Necktie Youth is a film directed by Sibs Shongwe-La Mer that follows a diverse cast of suburban youth who are trying to navigate a life filled with drugs, sex and philosophizing.

Bonko Cosmo Khoza as Jabz in Necktie Youth

Bonko Cosmo Khoza as Jabz in “Necktie Youth”

The film rips back the curtains on the drug culture that exists in privileged neighborhoods and uses stunning black-and-white visuals that make still shots of the film look like they are worthy of being displayed in a prestigious photography exhibit.

The two main characters, Jabz and September, anchor the film as it shows how these two youths are incapable of dealing with one of the harshest realities a hopeful 20-something can ever face — witnessing a close friend’s death.

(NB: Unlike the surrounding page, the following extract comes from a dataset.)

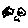
Label: hexagon
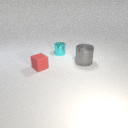
small cyan metal cylinder to the left of large gray metal cylinder

Jabz and September are left seemingly floating through life as a negative result of their friend Emily’s live-streamed suicide, which serves as yet another catalyst for the type of social commentary that is often missing from mainstream films.

Other films featuring Black talent and authentic culturally diverse stories include the Spike Lee-produced and Michael J. Larnelle-directed Cronies, Jonathan Hock’s Fastball, the Camilla Nielsson-directed film chronicling the political aftermath of Robert Mugabe’s 2008 presidential win Democrats, Andre Nicchol’s Good Kill starring Ethan Hawke, Bruce Greenwood, Zoe Kravitz, Jake Abel and January Jones and the emotionally charged Meadowland directed by Reed Morano.

(T)error is also expected to be another favorite at the festival, telling the story of a former FBI informant who goes on a dangerous mission to befriend suspected terrorists in order to infiltrate terror networks.

Documentaries about R&B star Mary J. Blige and former Falcons star Tony Gonzalez have also generated a lot of buzz ahead of their Tribeca Film Festival debuts.